See versioning for more details.
1.Y Releases
New Slinky versions may update the Slinky
CRDs
with new fields and deprecate old ones. During CRD version changes
(e.g. v1beta1 => v1beta2), deprecated fields may be removed.
Through the Kubernetes API, CRD versions are automatically converted to
the stored version. Therefore old CRD versions will still work, but it
is recommended to use the new CRD version as indicated by the installed
Slinky CRDs.
To upgrade between Slinky v1.Y versions (e.g. v1.0.Z =>
v1.1.Z), upgrade the slurm-operator-crds chart followed by the
slurm-operator chart, or both at the same time by upgrading the
slurm-operator chart when using crds.enabled=true.
helm upgrade slurm-operator-crds oci://ghcr.io/slinkyproject/charts/slurm-operator-crds \
--version $SLINKY_VERSION
helm upgrade slurm-operator oci://ghcr.io/slinkyproject/charts/slurm-operator \
--namespace slinky --version $SLINKY_VERSION
All Slurm charts may remain on the old Slinky release series
(e.g. v1.0.x) despite the slurm-operator and its CRDs being on a
newer Slinky release series (e.g. v1.1.x).

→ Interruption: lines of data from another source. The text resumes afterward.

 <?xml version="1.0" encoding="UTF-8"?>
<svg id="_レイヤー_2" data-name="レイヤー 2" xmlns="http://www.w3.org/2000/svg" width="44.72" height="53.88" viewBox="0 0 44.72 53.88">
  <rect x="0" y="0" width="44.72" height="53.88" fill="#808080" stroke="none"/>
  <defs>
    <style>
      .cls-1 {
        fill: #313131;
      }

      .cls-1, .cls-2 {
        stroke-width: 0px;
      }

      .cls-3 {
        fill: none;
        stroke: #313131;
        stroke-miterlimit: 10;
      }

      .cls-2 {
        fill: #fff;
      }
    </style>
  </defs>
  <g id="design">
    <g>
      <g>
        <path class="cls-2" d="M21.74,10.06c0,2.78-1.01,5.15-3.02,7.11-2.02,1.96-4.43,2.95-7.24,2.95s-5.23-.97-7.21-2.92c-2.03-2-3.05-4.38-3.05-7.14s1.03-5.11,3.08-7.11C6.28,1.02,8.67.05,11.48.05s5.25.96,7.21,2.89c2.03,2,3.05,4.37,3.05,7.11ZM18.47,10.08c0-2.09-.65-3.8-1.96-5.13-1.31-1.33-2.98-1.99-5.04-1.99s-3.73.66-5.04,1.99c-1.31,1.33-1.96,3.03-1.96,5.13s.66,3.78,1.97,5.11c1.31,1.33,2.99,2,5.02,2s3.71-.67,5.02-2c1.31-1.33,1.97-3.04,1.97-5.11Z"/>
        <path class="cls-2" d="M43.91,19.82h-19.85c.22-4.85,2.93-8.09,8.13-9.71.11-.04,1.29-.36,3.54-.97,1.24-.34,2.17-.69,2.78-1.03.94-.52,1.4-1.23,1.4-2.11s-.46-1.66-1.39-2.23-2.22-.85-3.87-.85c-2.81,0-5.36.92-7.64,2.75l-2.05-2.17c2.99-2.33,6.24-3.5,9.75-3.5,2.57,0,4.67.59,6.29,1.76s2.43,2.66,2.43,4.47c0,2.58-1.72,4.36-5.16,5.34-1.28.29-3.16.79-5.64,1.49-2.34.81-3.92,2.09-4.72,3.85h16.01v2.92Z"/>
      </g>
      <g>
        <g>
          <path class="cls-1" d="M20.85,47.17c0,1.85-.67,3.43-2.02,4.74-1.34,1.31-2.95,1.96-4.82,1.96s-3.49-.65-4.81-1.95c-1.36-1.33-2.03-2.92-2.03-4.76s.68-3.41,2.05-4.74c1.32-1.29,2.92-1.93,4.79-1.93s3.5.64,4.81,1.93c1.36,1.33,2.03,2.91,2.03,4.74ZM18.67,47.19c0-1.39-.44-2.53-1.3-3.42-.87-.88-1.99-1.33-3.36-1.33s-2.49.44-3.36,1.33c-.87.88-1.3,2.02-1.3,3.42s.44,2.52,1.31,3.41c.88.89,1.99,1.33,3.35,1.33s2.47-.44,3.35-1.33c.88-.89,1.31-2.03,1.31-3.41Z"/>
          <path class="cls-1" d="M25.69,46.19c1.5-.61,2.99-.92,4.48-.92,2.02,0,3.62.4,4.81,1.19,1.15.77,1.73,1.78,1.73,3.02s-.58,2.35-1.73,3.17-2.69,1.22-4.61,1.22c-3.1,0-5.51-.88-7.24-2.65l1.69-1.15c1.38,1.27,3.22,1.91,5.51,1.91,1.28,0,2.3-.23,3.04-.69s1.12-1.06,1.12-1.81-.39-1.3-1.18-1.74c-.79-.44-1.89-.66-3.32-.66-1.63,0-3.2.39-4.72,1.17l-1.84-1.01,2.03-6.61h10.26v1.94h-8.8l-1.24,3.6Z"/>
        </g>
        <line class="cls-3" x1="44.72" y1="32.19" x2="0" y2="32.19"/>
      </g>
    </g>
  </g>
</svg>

It is still recommended
to upgrade Slurm charts to the new Slinky release series coinciding with
the slurm-operator’s Slinky release series to make use of the new
fields, features, and functionality.
Please review changes made to the CRDs and the Slurm chart. Update your
values.yaml appropriately and upgrade the Slurm chart.

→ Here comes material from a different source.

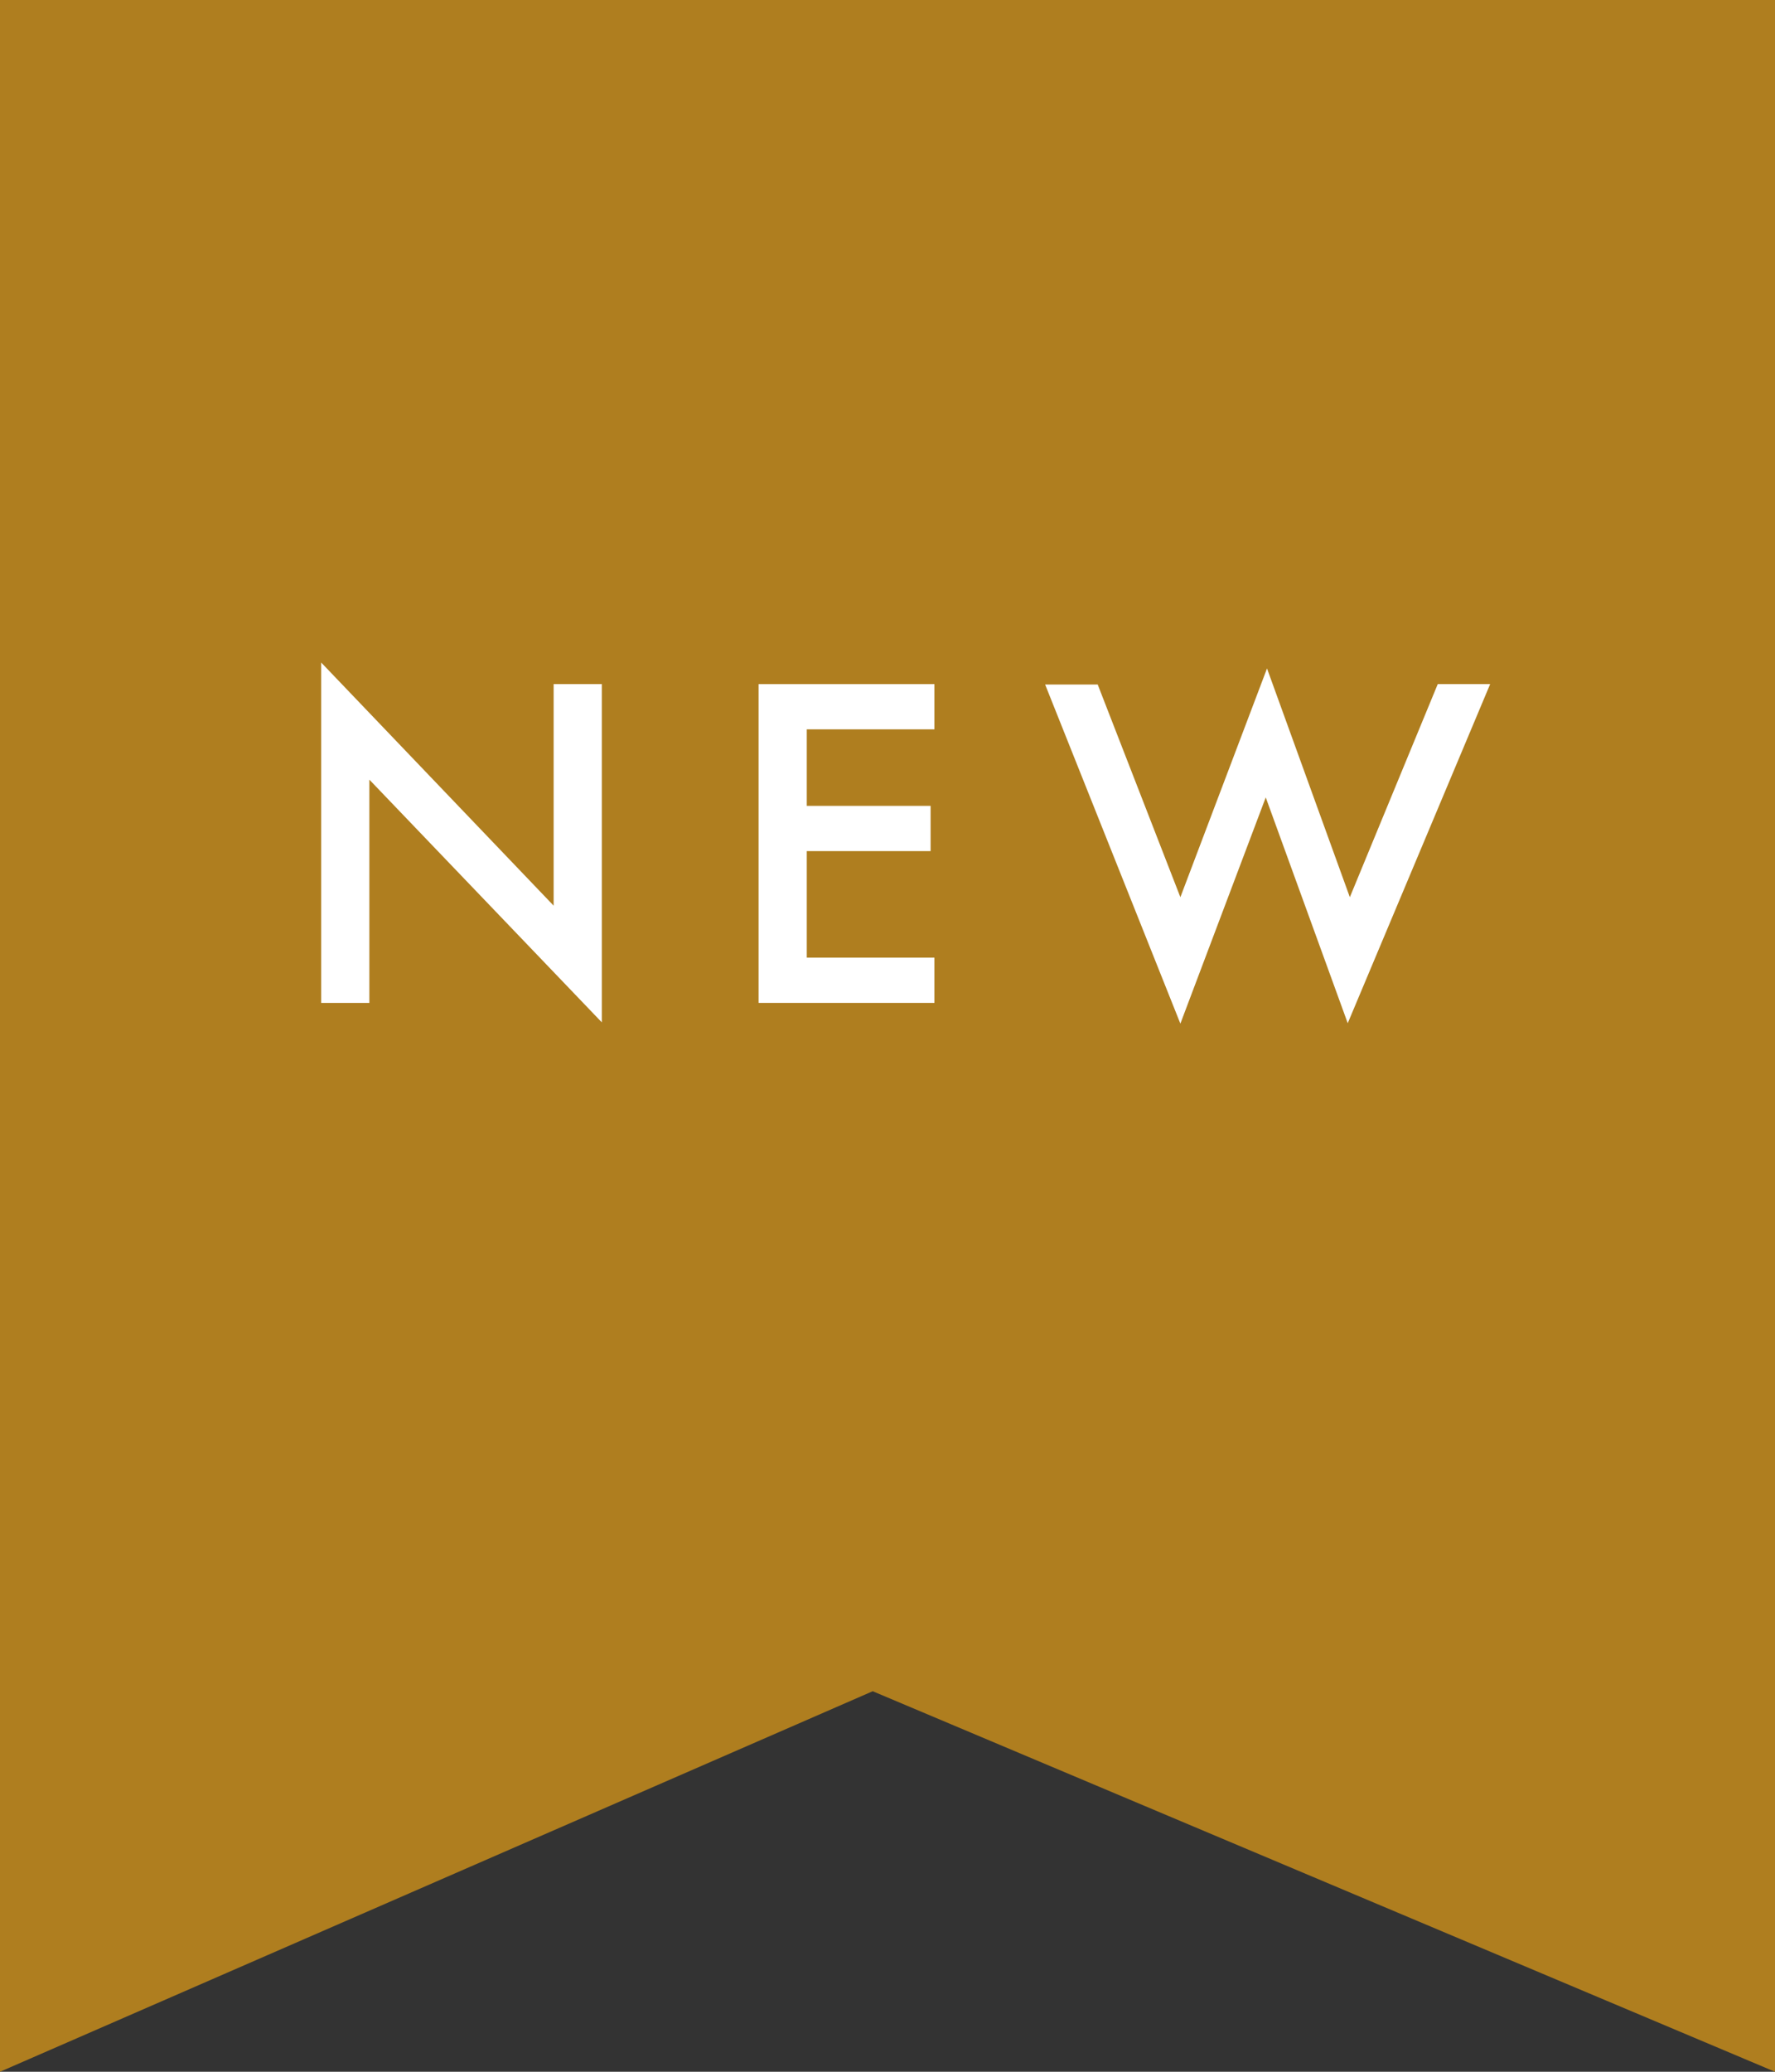 <?xml version="1.0" encoding="UTF-8"?><svg id="_レイヤー_2" xmlns="http://www.w3.org/2000/svg" viewBox="0 0 42 49"><rect x="0" y="0" width="42" height="49" fill="#333333" stroke="none"/><defs><style>.cls-1{fill:#af7e1f;}.cls-1,.cls-2{stroke-width:0px;}.cls-2{fill:#fff;}</style></defs><g id="img"><polygon class="cls-1" points="42 49 20.65 40 0 49 0 0 42 0 42 49"/><path class="cls-2" d="M7.6,23.72v-8.05l5.5,5.75v-5.24h1.14v8l-5.5-5.74v5.28h-1.14Z"/><path class="cls-2" d="M22.11,17.25h-3.02v1.81h2.93v1.07h-2.93v2.52h3.02v1.07h-4.16v-7.54h4.16v1.07Z"/><path class="cls-2" d="M25.97,16.18l1.96,5.04,2.05-5.41,1.96,5.41,2.08-5.04h1.24l-3.37,8.02-1.94-5.34-2.02,5.35-3.2-8.02h1.24Z"/></g></svg>

helm upgrade slurm oci://ghcr.io/slinkyproject/charts/slurm \
--namespace slurm --version $SLINKY_VERSION
0.Y Releases
Breaking changes may be introduced into existing Slinky
CRDs
versions. To upgrade between v0.Y versions (e.g. v0.1.Z =>
v0.2.Z), uninstall all Slinky charts and delete Slinky CRDs, then
install the new release like normal.
helm --namespace=slurm uninstall slurm
helm --namespace=slinky uninstall slurm-operator
helm uninstall slurm-operator-crds
If the CRDs were not installed via slurm-operator-crds helm chart:
kubectl delete customresourcedefinitions.apiextensions.k8s.io accountings.slinky.slurm.net
kubectl delete customresourcedefinitions.apiextensions.k8s.io clusters.slinky.slurm.net # defunct
kubectl delete customresourcedefinitions.apiextensions.k8s.io loginsets.slinky.slurm.net
kubectl delete customresourcedefinitions.apiextensions.k8s.io nodesets.slinky.slurm.net
kubectl delete customresourcedefinitions.apiextensions.k8s.io restapis.slinky.slurm.net
kubectl delete customresourcedefinitions.apiextensions.k8s.io tokens.slinky.slurm.net
Documentation
Project documentation is located in the docs directory of this repository.
Slinky documentation is hosted on the web.
Support and Development
Feature requests, code contributions, and bug reports are welcome!
Github/Gitlab submitted issues and PRs/MRs are handled on a best effort basis.
The SchedMD official issue tracker is at https://support.schedmd.com/.
To schedule a demo or simply to reach out, please contact SchedMD.
License
Copyright (C) SchedMD LLC.
Licensed under the Apache License, Version 2.0 you may not use project except in compliance with the license.
Unless required by applicable law or agreed to in writing, software distributed under the License is distributed on an “AS IS” BASIS, WITHOUT WARRANTIES OR CONDITIONS OF ANY KIND, either express or implied. See the License for the specific language governing permissions and limitations under the License.